The outputs can be either delivered to the user by email or downloaded from URLs showed at web page. The user also has the options of obtaining results by email attachments or by an email notice containing URLs to access the results.
DISCUSSION AND CONCLUSION
Comparisons were made between the SNP Cutter and the other existing PCR–RFLP assay design tools (see Supplementary Material): PIRA PCR (10,11), SNPKit (12), dCAPS Finder 2.0 (13) and SNP2CAPS(14). The results indicated that SNP Cutter is more efficient and informative than the other tools, especially for input data preparation, enzyme selection, and output format and contents.
All the existing tools only take inputs as formatted sequences, leaving the burden of sequence preparation to users.

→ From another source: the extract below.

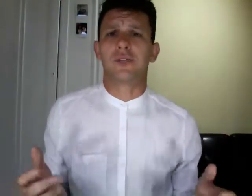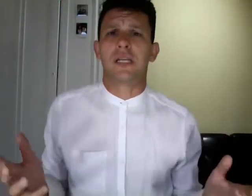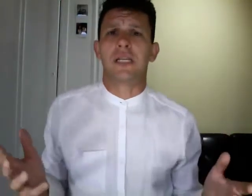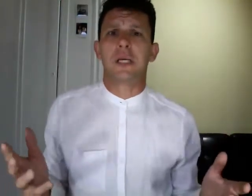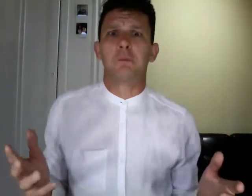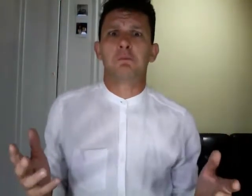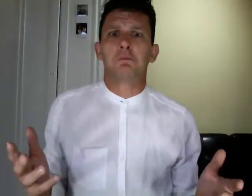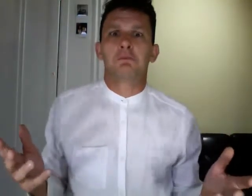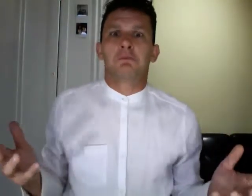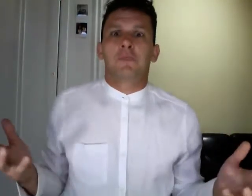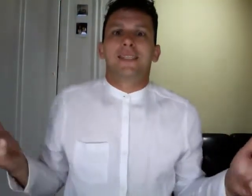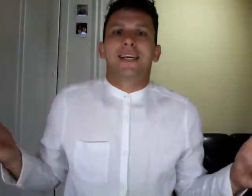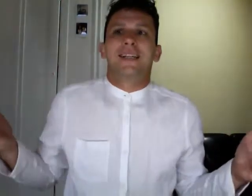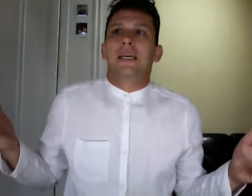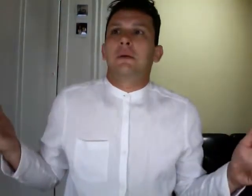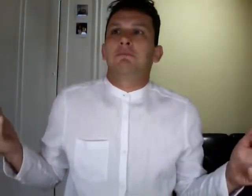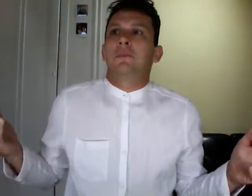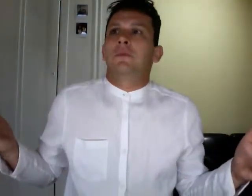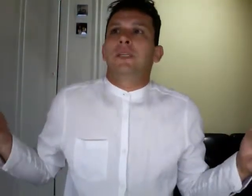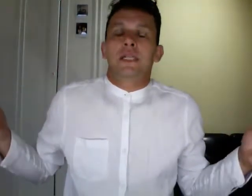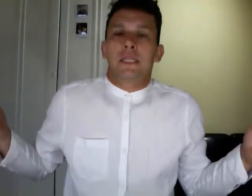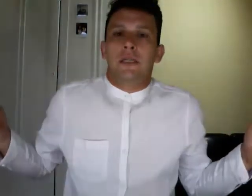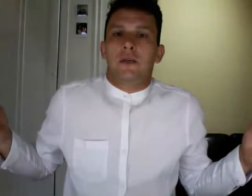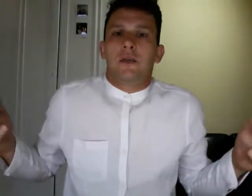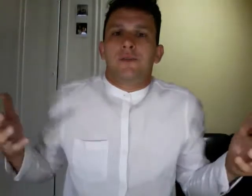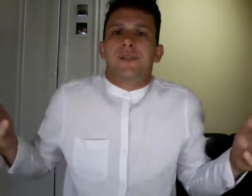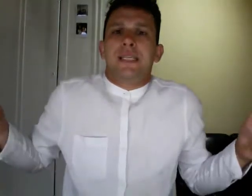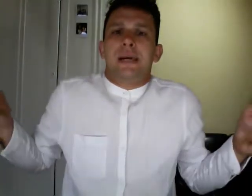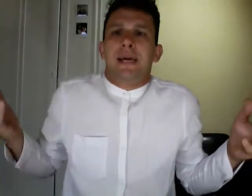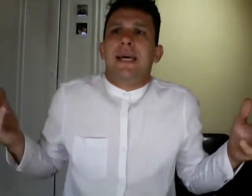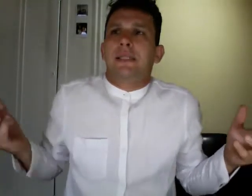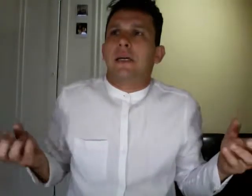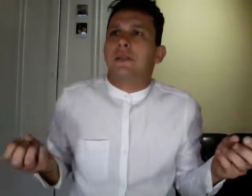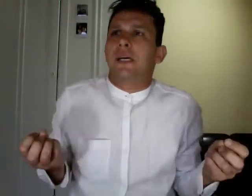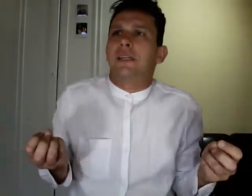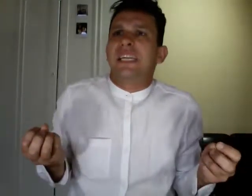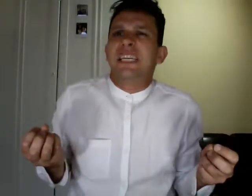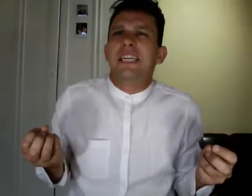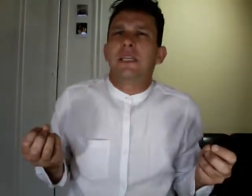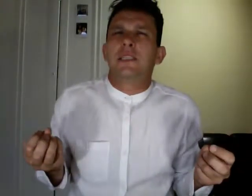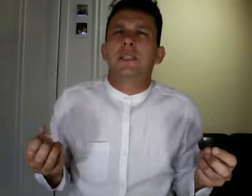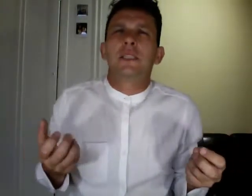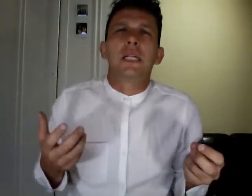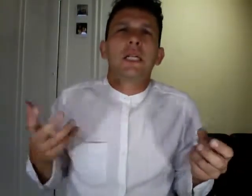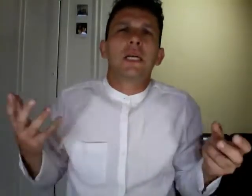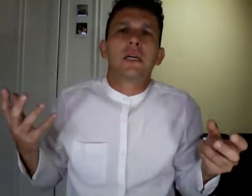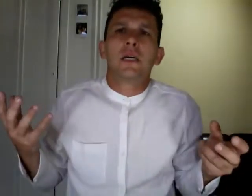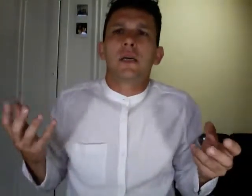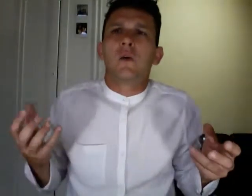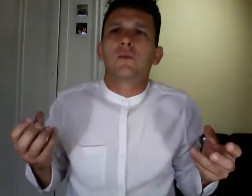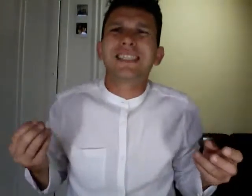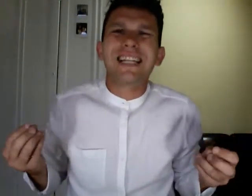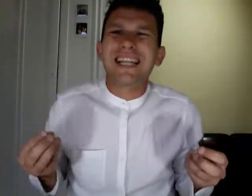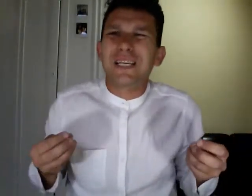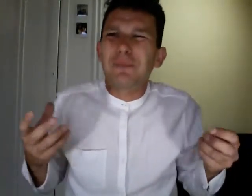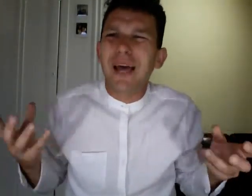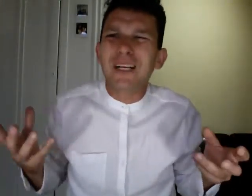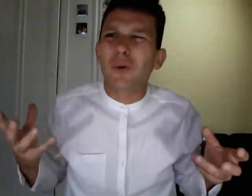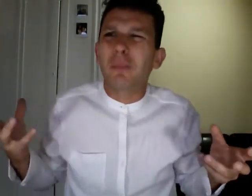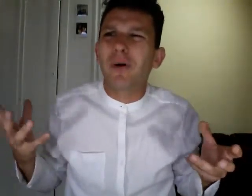senti ti senti ti senti senza meta ti senti ti senti ti senti disperso un po'

In contrast, SNP Cutter processes batches of SNPs which simplifies the data preparation process. For a given chromosomal region, users may retrieve the list of SNPs rs IDs from NCBI Map Viewer (http://www.ncbi.nlm.nih.gov/mapview/) or UCSC Genome Browser (http://genome.ucsc.edu/cgi-bin/hgGateway?org=Human). These rs IDs can be directly used for PCR–RFLP assay design. Alternatively, the formatted SNP sequence data as the second choice of input gives users an opportunity to design assays for SNPs that have not been submitted to dbSNP. Additionally, the embedding SNPSequer program in SNP Cutter makes data preparation even simpler, as >30% of the 5′ or 3′ flanking sequence of the reference SNPs in dbSNP are <200 bp (C. Liu and H. Zhu, unpublished data).
SNP Cutter compiled a list of pre-selected inexpensive and reliable enzymes including EcoRI, PstI, SmaI, HindIII, HaeIII, MspI, RsaI and TaqI. This is one of the first efforts to compile a list of preferred enzymes for PCR–RFLP assay. This curated enzyme list is believed to be able to help producing more robust genotyping assays.

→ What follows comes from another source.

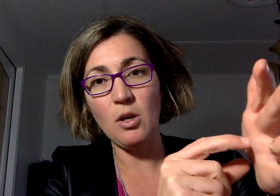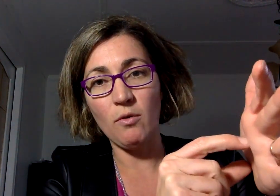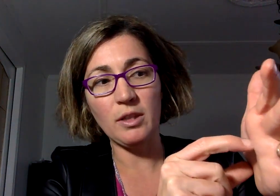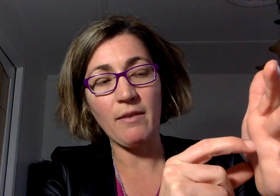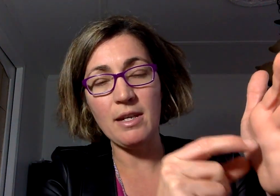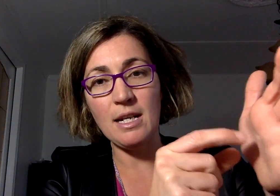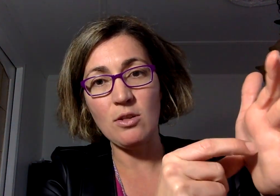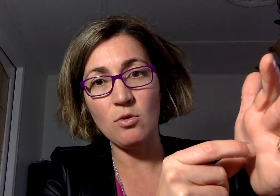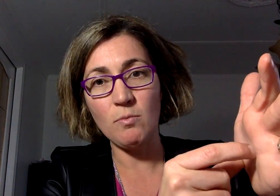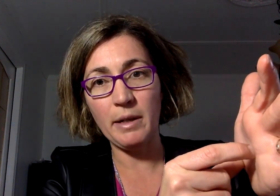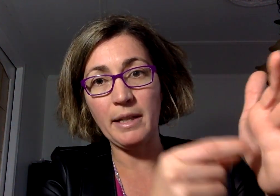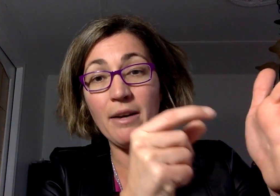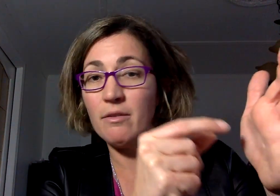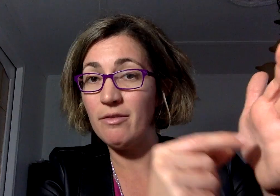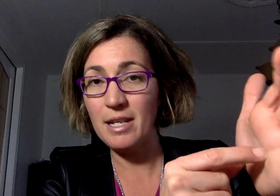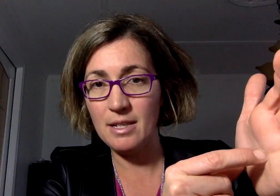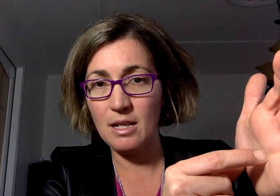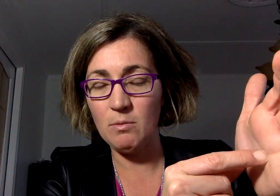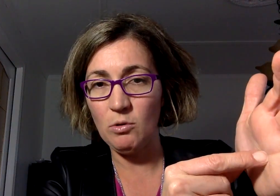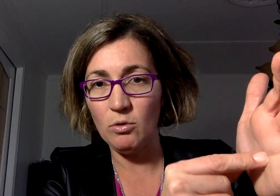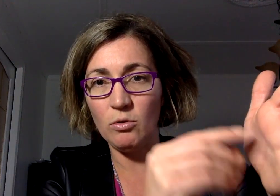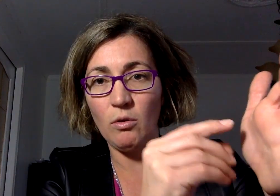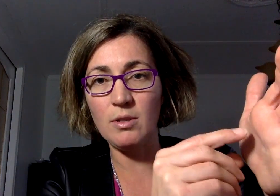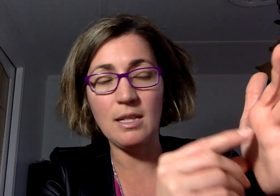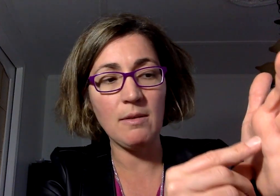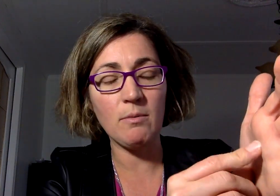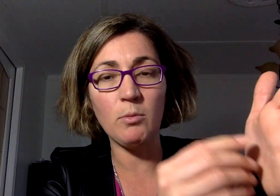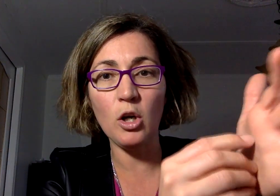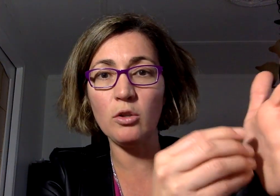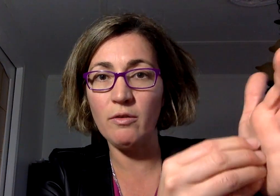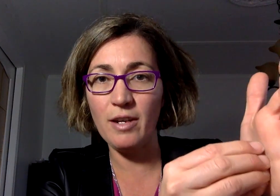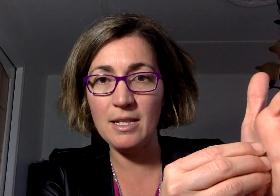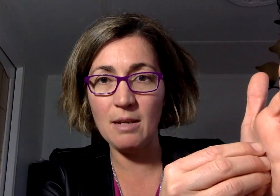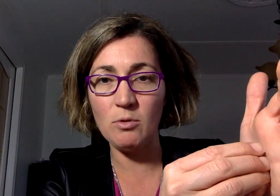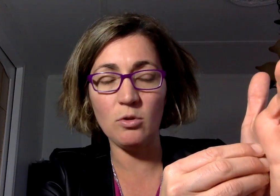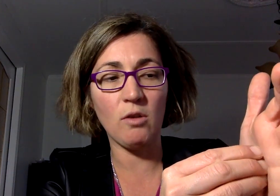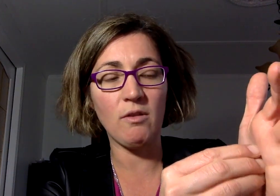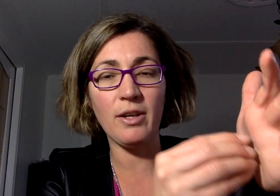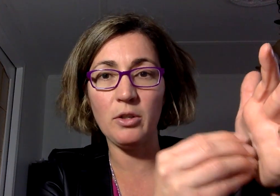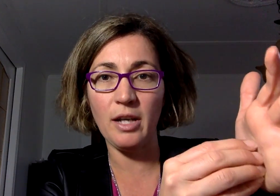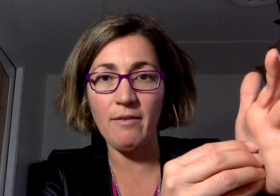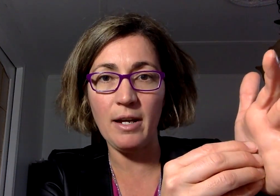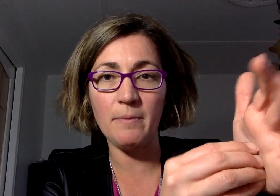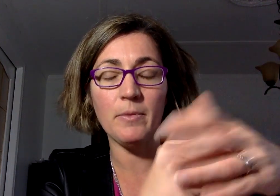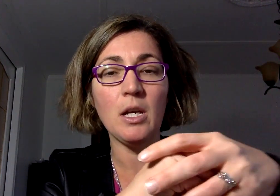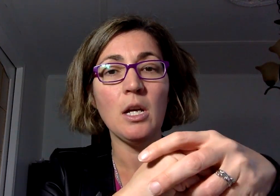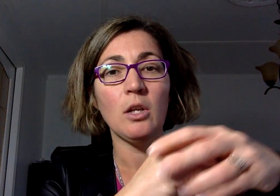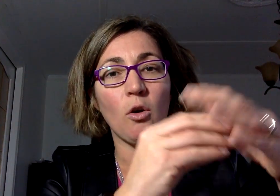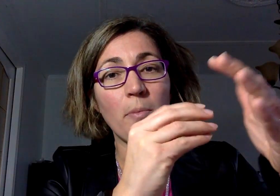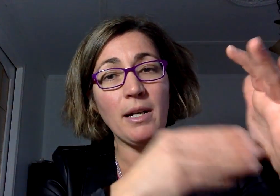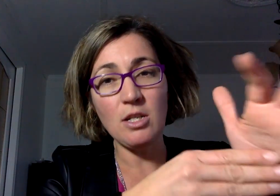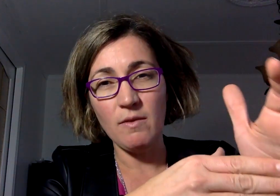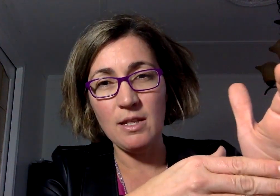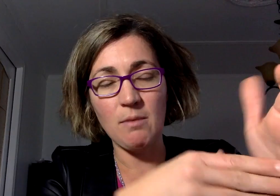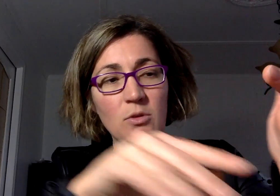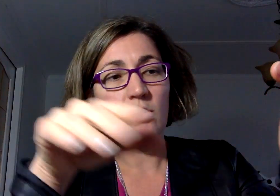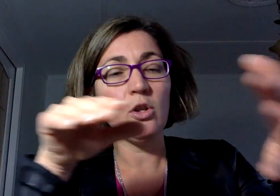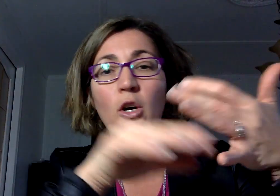on va travailler là-dessus pendant 25 minutes. Donc, c'est des blocs de 25 minutes qu'on va faire de travail. Donc, pendant ces 25 minutes-là,

The success rate of assay design in SNP Cutter varies from 45 to 85% depending on the parameter settings. Using a curated enzyme list with limited number of enzymes and stringent PCR conditions could lead to lower success rate of design, but the designed assays are more robust.
We found it convenient to manage experimental data in spreadsheets or databases and, SNP Cutter outputs two tab-delimited text files that simplify database management. This feature is not provided by the other tools.
SNP Cutter presents sizes data of amplicons, digested allelic fragments and signature fragments. This data is important as a guide for evaluating genotyping results. The SNP Cutter might supply multiple alternative choices of restriction enzymes for genotyping of one SNP, and the users can select one of them according to these data and the price of the enzymes.
Although several methods have been developed to make PCR–RFLP technology work for large-scale SNP genotyping such as Microplate Array Diagonal Gel Electrophoresis (MADGE) (15), Terminal RFLP (T-RFLP) (16) and fluorescent RFLP (Frflp) (17). PCR–RFLP per se is not generally recognized as a high-throughput SNP genotyping method comparing with many other methods such as TaqMan and Illumina. But PCR–RFLP does have its advantages and still plays important role in many small labs. SNP Cutter was developed to assist those investigators who are using PCR–RFLP to perform SNP genotyping.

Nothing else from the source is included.